Institut Pasteur, Université Paris Cité, CNRS UMR 3751, Decision and Bayesian Computation, Paris, France.
Epiméthée, Inria, Paris, France.
PLoS Comput Biol. 2024 Oct 10;20(10):e1012460. doi: 10.1371/journal.pcbi.1012460. eCollection 2024 Oct.
Physical and functional constraints on biological networks lead to complex topological patterns across multiple scales in their organization. A particular type of higher-order network feature that has received considerable interest is network motifs, defined as statistically regular subgraphs. These may implement fundamental logical and computational circuits and are referred to as "building blocks of complex networks". Their well-defined structures and small sizes also enable the testing of their functions in synthetic and natural biological experiments. Here, we develop a framework for motif mining based on lossless network compression using subgraph contractions. This provides an alternative definition of motif significance which allows us to compare different motifs and select the collectively most significant set of motifs as well as other prominent network features in terms of their combined compression of the network. Our approach inherently accounts for multiple testing and correlations between subgraphs and does not rely on a priori specification of an appropriate null model. It thus overcomes common problems in hypothesis testing-based motif analysis and guarantees robust statistical inference. We validate our methodology on numerical data and then apply it on synaptic-resolution biological neural networks, as a medium for comparative connectomics, by evaluating their respective compressibility and characterize their inferred circuit motifs.

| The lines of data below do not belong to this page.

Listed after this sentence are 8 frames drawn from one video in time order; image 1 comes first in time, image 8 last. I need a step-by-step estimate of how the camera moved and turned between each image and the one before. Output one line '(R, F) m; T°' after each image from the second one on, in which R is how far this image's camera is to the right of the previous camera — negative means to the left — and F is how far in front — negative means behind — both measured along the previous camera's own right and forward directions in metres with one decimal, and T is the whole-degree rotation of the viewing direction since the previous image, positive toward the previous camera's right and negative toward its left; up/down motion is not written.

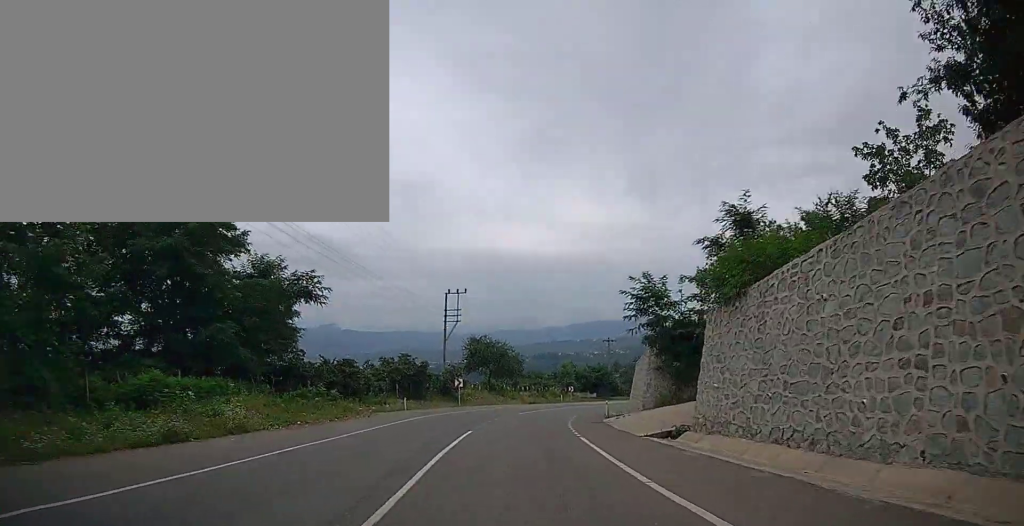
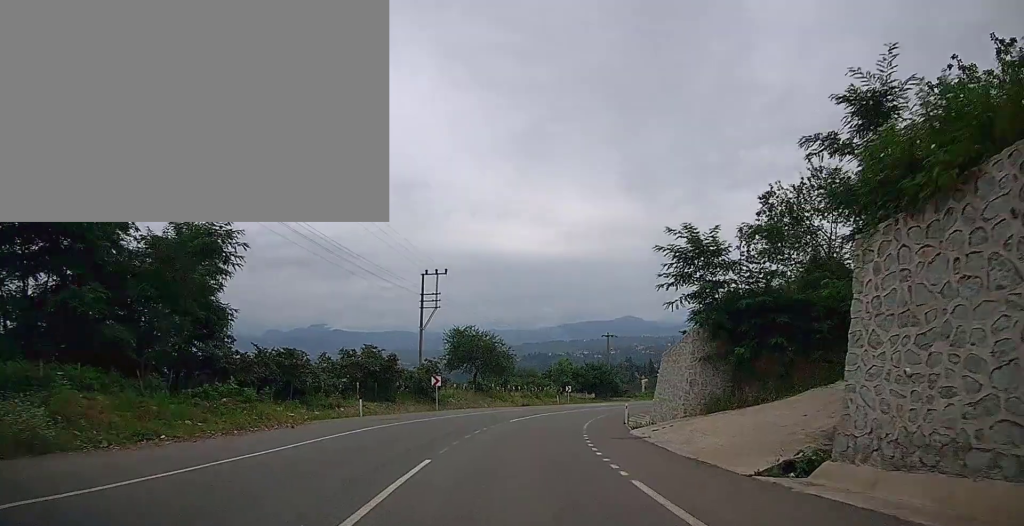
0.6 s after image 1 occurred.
(0.0, +8.9) m; 0°
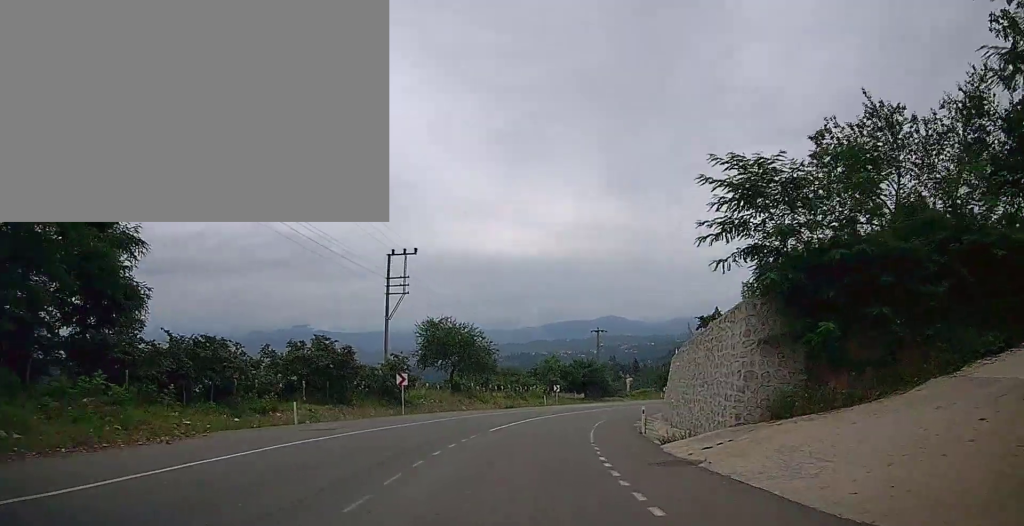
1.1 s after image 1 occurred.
(0.0, +6.2) m; +1°
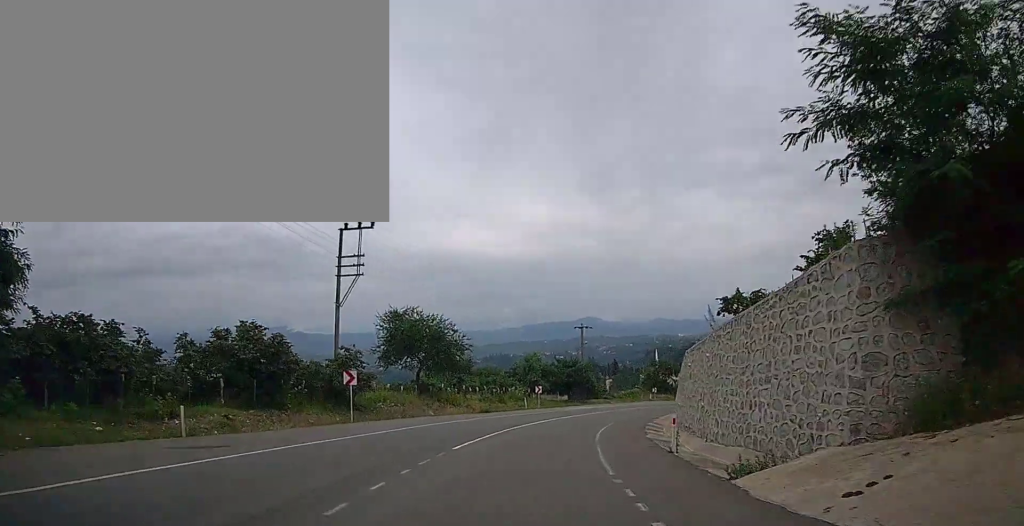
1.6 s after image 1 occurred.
(-0.1, +6.2) m; +1°
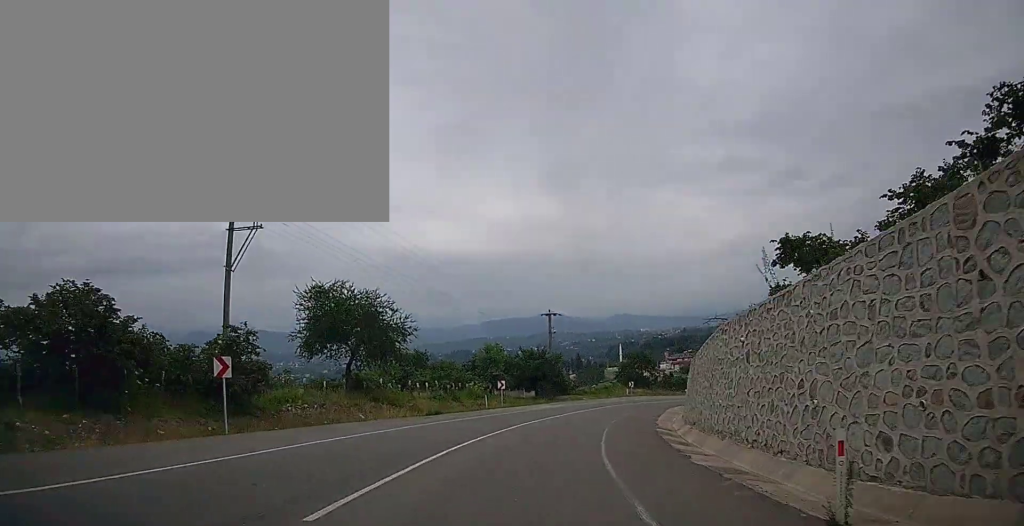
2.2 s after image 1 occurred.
(+0.3, +8.4) m; +4°
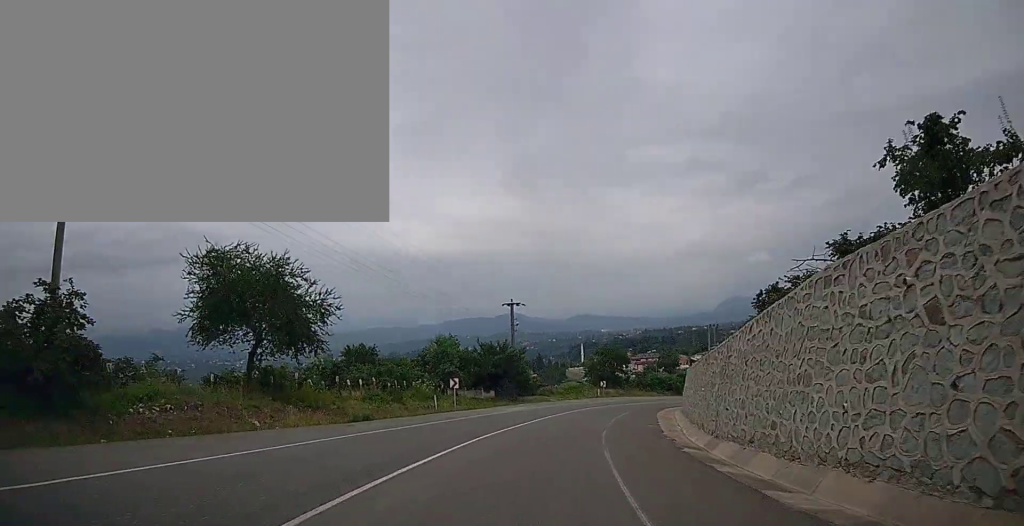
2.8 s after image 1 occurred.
(+0.1, +7.4) m; +4°
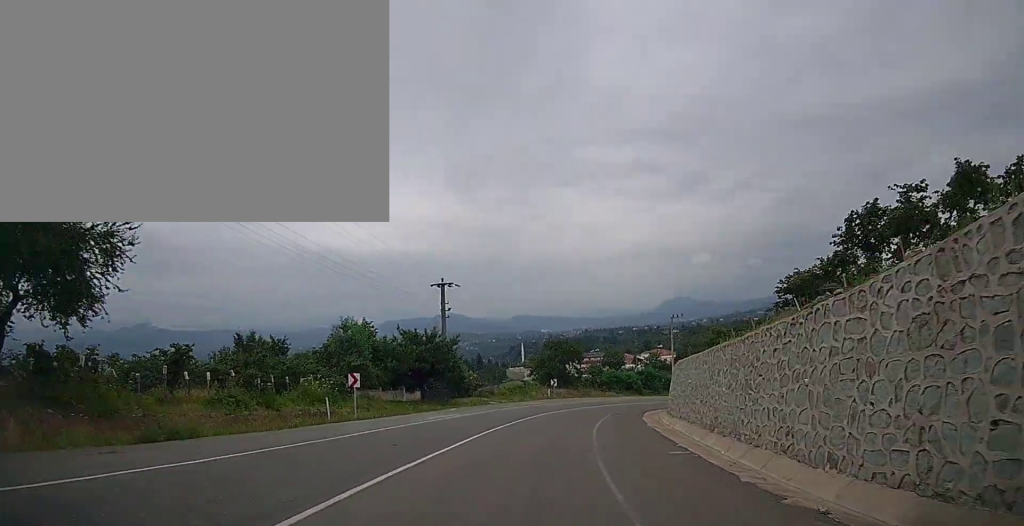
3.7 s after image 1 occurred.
(+0.6, +10.2) m; +6°
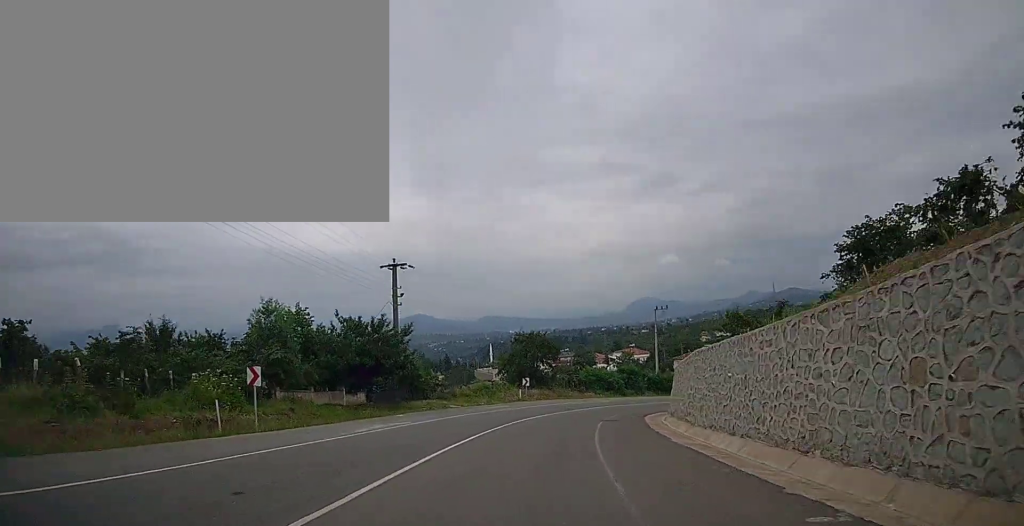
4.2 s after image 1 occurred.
(+0.3, +6.7) m; +3°
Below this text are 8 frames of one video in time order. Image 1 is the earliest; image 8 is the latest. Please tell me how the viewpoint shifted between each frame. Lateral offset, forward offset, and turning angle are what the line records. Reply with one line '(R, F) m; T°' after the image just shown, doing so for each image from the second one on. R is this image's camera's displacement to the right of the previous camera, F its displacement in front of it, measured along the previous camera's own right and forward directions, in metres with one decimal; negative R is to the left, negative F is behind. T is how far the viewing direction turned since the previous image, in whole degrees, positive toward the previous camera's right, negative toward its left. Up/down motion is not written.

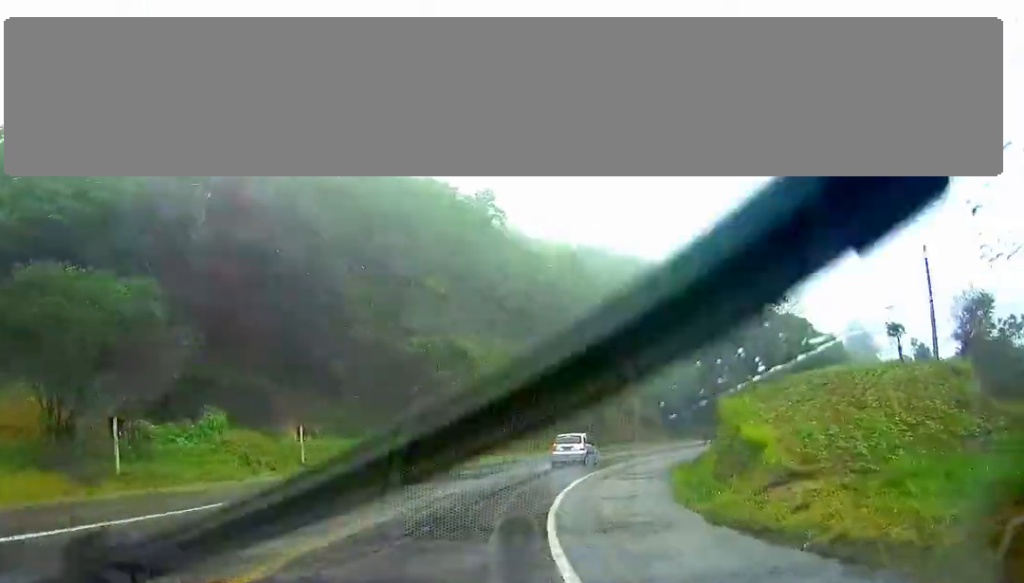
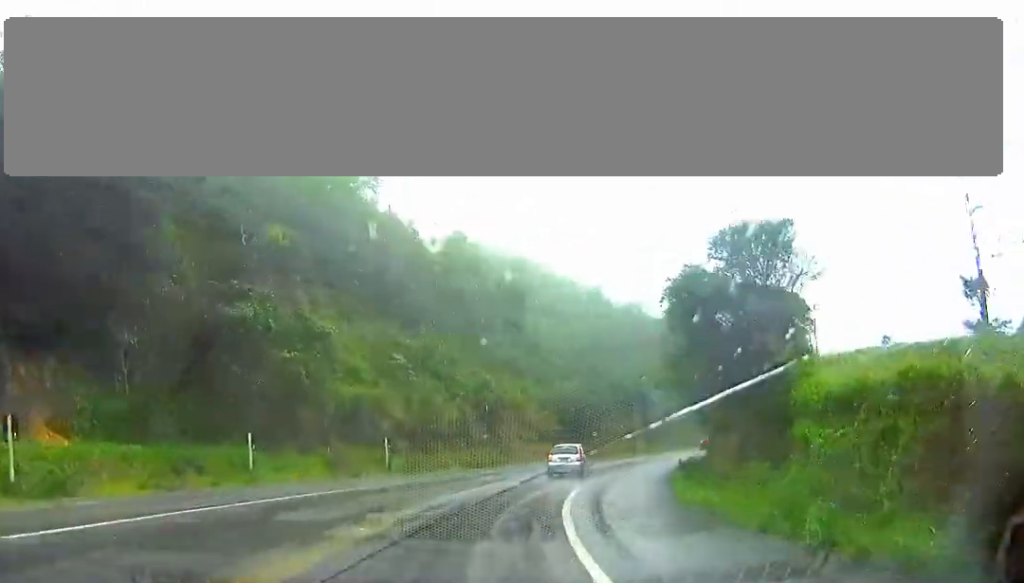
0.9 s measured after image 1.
(+1.3, +16.1) m; +11°
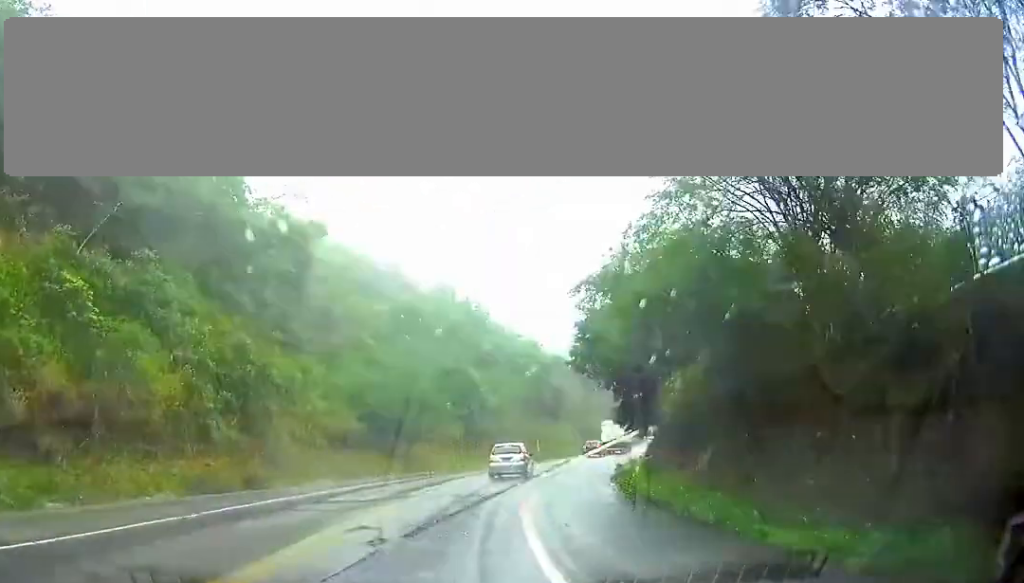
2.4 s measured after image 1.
(+4.1, +24.1) m; +15°
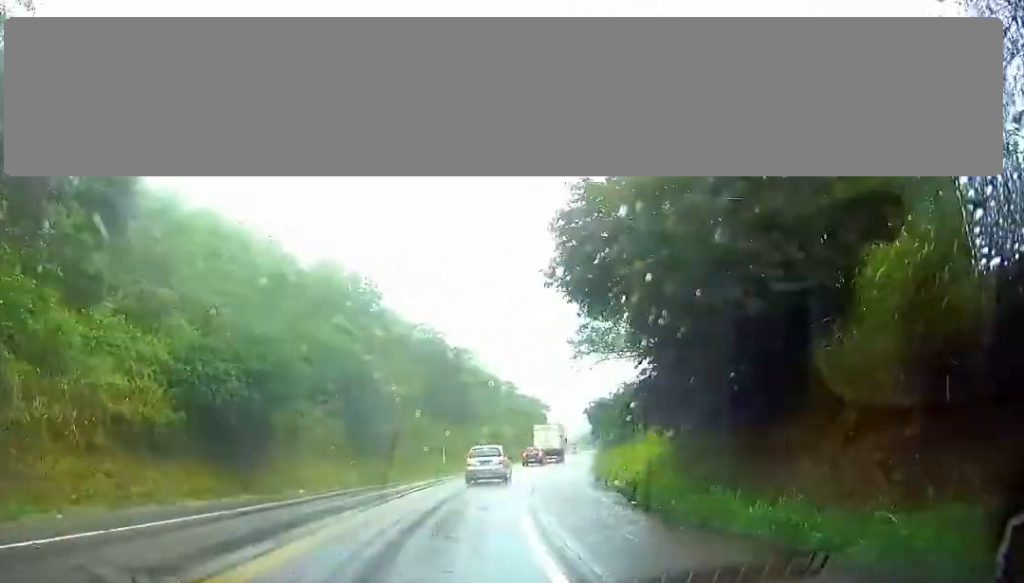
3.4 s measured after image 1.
(+0.2, +18.4) m; +1°
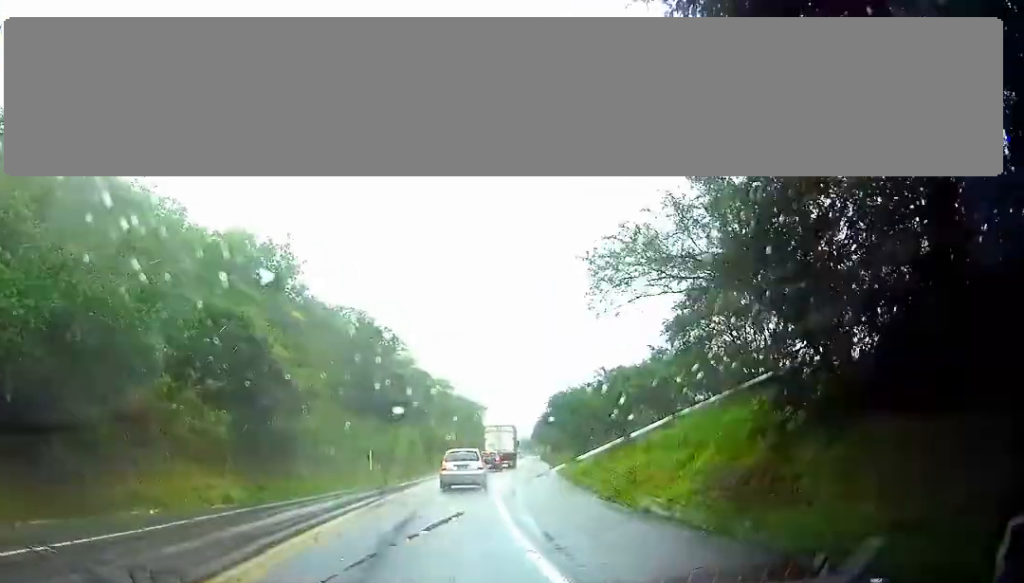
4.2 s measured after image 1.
(0.0, +13.5) m; +5°
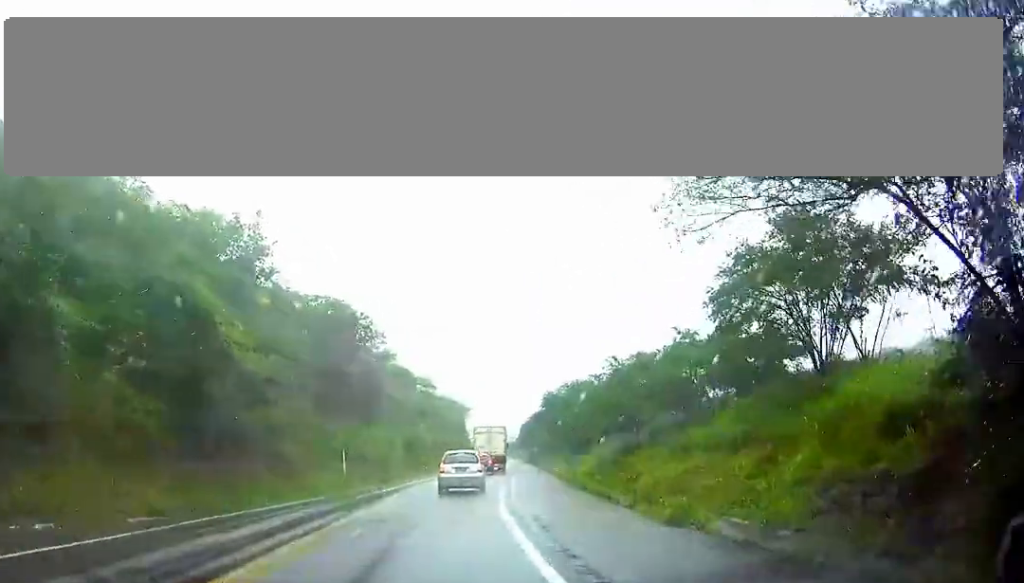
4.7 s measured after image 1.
(+0.3, +7.0) m; +3°
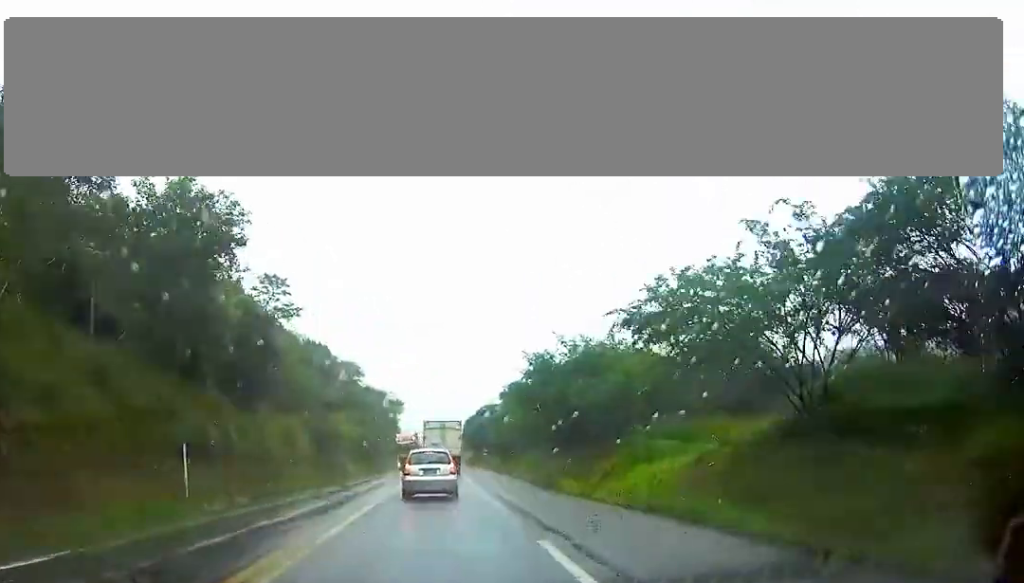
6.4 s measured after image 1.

生物网络的物理和功能约束导致其组织在多个尺度上呈现出复杂的拓扑模式。网络基元是一种受到广泛关注的特殊高阶网络特征,定义为统计规则的子图。这些基元可能实现基本的逻辑和计算电路,因此被称为“复杂网络的构建块”。它们明确的结构和较小的尺寸也使得它们能够在合成和自然生物实验中测试其功能。在这里,我们开发了一种基于子图收缩的无损网络压缩的基元挖掘框架。这提供了基元重要性的另一种定义,使我们能够比较不同的基元,并根据它们对网络的综合压缩选择整体上最重要的基元集以及其他突出的网络特征。我们的方法内在地考虑了子图之间的多重检验和相关性,并且不依赖于适当的零模型的先验指定。因此,它克服了基于假设检验的基元分析中的常见问题,并保证了稳健的统计推断。我们在数值数据上验证了我们的方法,然后将其应用于突触分辨率生物神经网络上,作为比较连接组学的一种媒介,通过评估它们各自的可压缩性并描述它们推断出的电路基元。